I was an avid reader as a child.  All my life, really, until about 10 years ago when I finished my Master’s Degree and found that I just couldn’t face another book.  I can read text books but not novels; they just don’t appeal to me and whilst my book-reading mojo has been lost for a long time now, I am still confident that one day it will come back and I’ll manage more than one or two a year!

The books I found today, though, have been read many times!  They were read to me and by me when I was little, and I used to read them to my girls when they were small too.

A selection of children's story books lying on a wooden table

They were published by The Medici Society, a company set up in 1908 to bring artists’ work to a wider audience, and they are gentle tales about nature, animals helping each other and kindness – and always with a happy ending.  The Medici Society still exists although they don’t sell books any more.  You can still find the books that they published in old bookshops and also on Ebay, so I’m glad to know that other people can still read and enjoy them.

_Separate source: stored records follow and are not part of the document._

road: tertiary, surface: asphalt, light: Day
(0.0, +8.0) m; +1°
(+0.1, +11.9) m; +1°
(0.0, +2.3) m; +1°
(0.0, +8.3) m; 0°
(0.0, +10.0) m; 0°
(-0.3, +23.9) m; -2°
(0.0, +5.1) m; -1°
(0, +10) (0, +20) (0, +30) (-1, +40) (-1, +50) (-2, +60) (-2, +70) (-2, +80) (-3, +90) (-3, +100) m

I think the top one, “Tom Tit Moves House” has always been my favourite.  It’s a story about a blue tit called Tom who is driven away from his home by developers who move into his woodland with diggers and bulldozers, and how he finds a new place to live with help along the way from other animals – and does a bit of helping himself!

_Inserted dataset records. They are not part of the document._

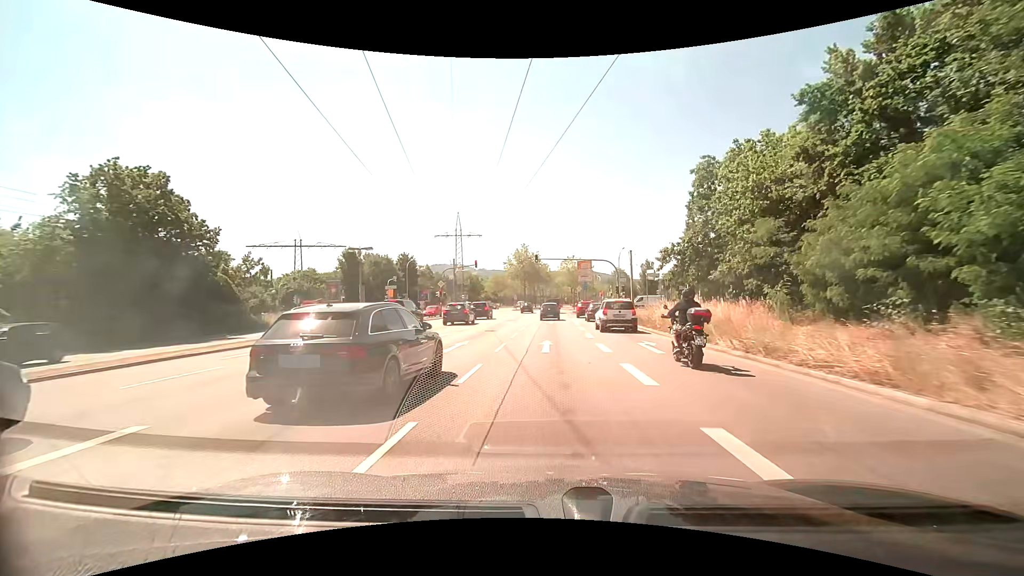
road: primary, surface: asphalt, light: Day
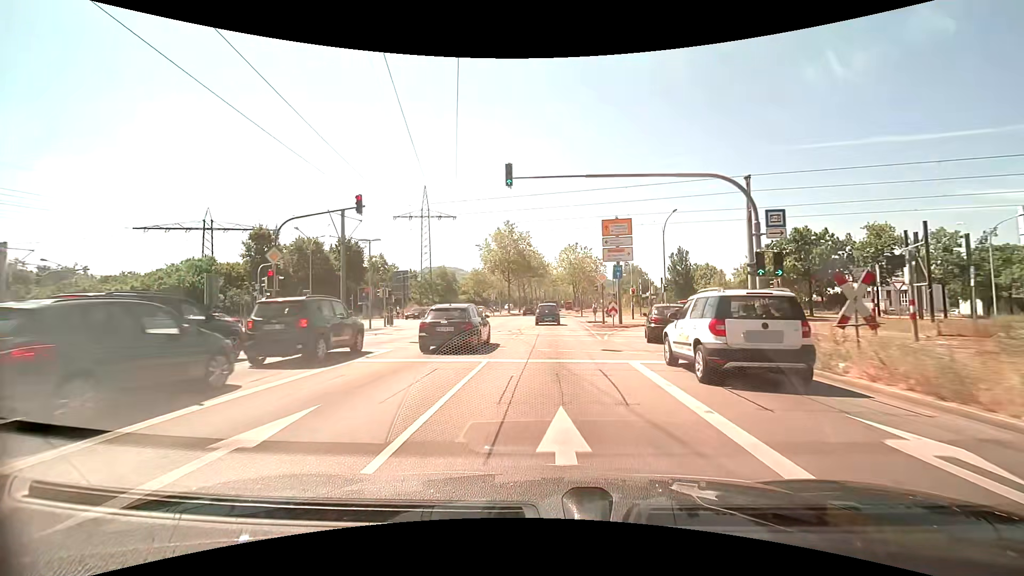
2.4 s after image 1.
(+0.1, +33.6) m; +1°
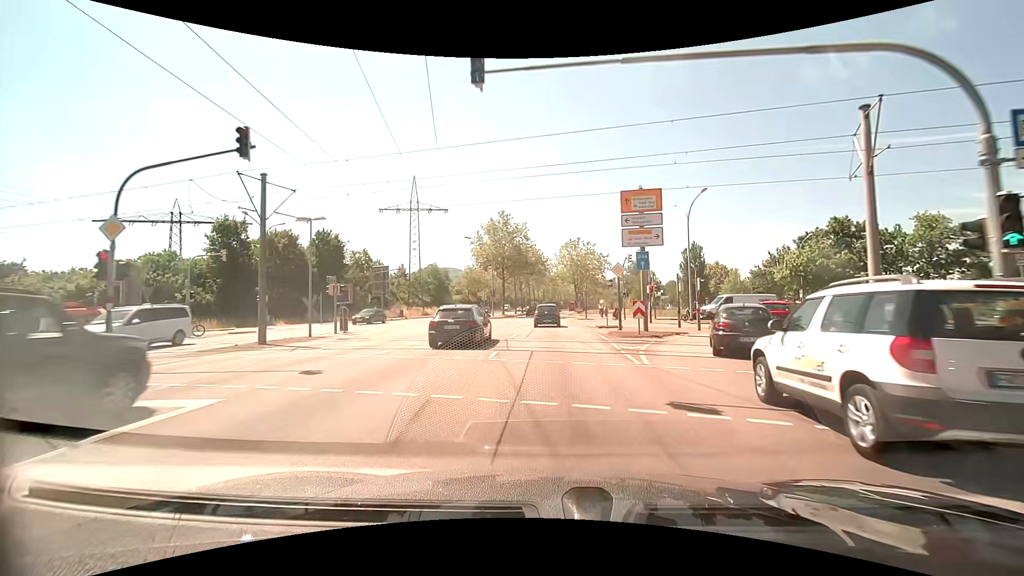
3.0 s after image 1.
(0.0, +8.4) m; 0°
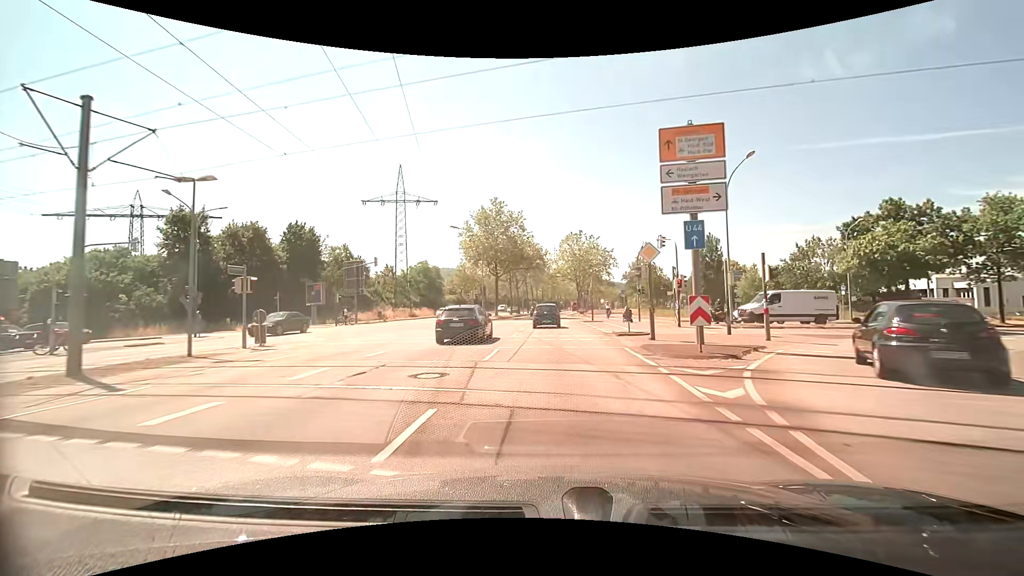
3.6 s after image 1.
(0.0, +8.5) m; 0°
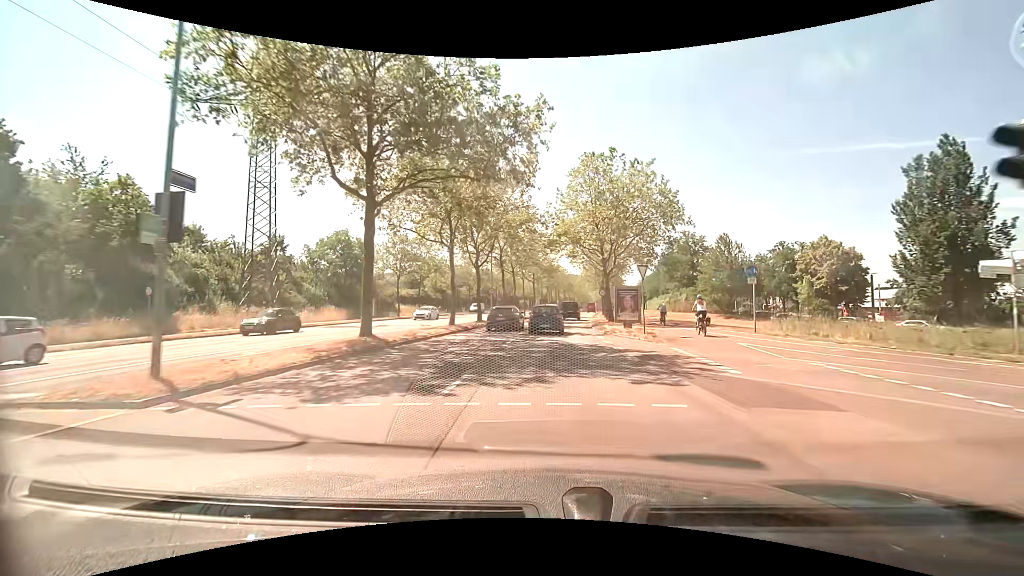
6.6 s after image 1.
(+0.1, +42.8) m; 0°
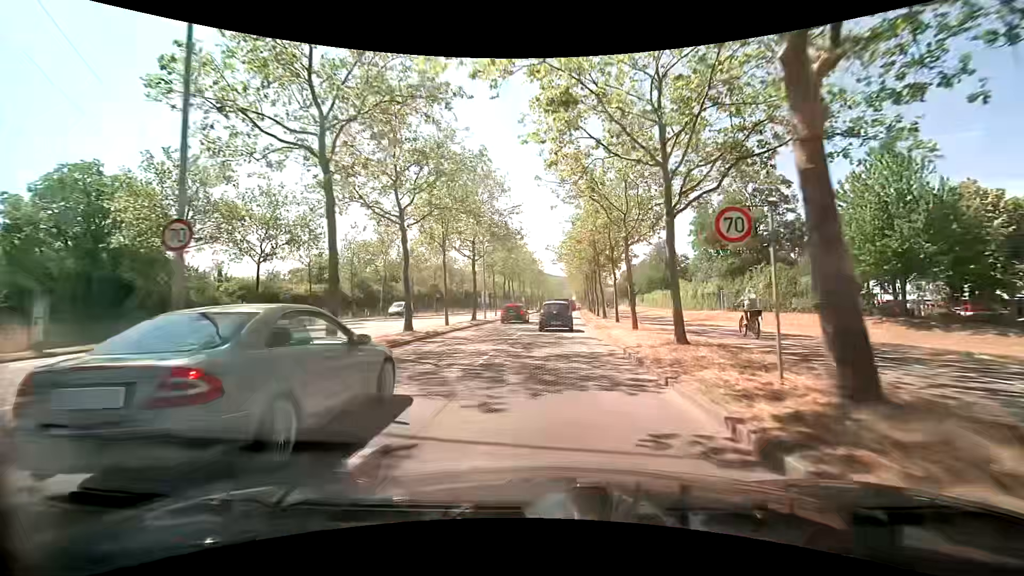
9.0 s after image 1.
(+1.2, +33.3) m; +4°
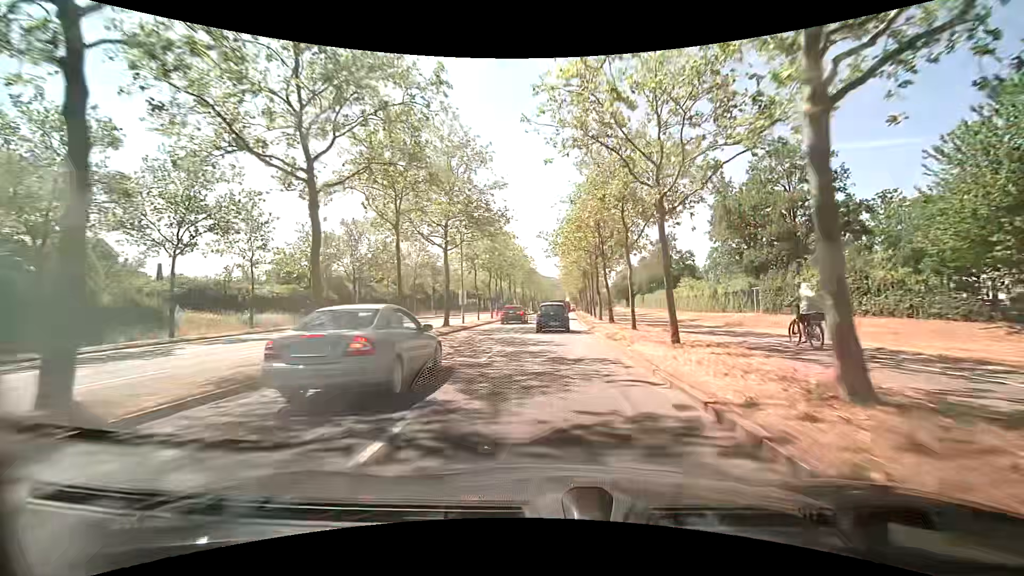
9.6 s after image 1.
(+0.1, +7.9) m; +1°
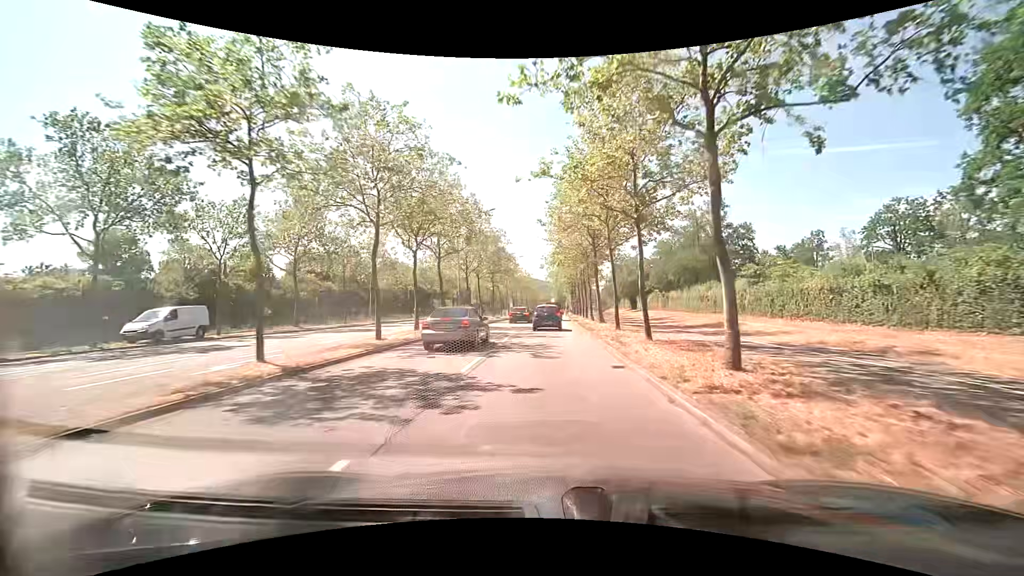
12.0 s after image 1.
(+0.7, +29.3) m; +2°
(0, +10) (0, +20) (0, +30) (0, +40) (+1, +50) (+1, +60) (+1, +70) (+1, +80) (+1, +90) (+2, +100) m

A page from a story book showing animals helping to pull a toad out of a big hole

It was the pictures that always caught my attention.  They are so beautifully painted and reproduced, and there is always something to see in the detail.  I like that even though it’s picture for a children’s book, there is as much attention to detail as if it were a painting to be hung in a gallery.

My other favourite books were about a hedgehog called Pinny Needlekin.

Three children's story books featuring a hedgehog and other animals wearing clothes

He’s a happy soul in a blue jacket who saves the day in all the stories just by being kind.  There are no heroics in any of these stories, no superheroes; they’re from a different time and I love the gentle nostalgia.  They’re from a time when there was nothing more important in my own life than what I would wear that day, or whether my Mum would make another batch of my favourite biscuits for our biscuit tin.

There’s no peril or danger, nothing to make a child jump or be scared.  The “baddy” is a fox (Mr Cunningleigh-Sligh) who steals a Christmas pudding and Pinny Needlekin rescues it so that Christmas dinner isn’t spoilt.

A page from a story book showing lots of text and a hedgehog in a blue jacket talking to a rabbit in a yellow dress

He helps a frog who can’t understand why nobody would attend her birthday party until he explains that most people don’t want to go to a party in a pond.  The party is rearranged for somewhere dry and everybody has a wonderful time.

A story book page showing a frog in a pink dress wearing a party hat and carrying a large jelly on a plate.  Other animals are sitting around on the grass enjoying the party

I have stared at that page for a long time over the years!  I like the mouse with the tiny cracker, the grasshopper with the Jammy Dodger biscuit and the robin about to help himself to the currant buns.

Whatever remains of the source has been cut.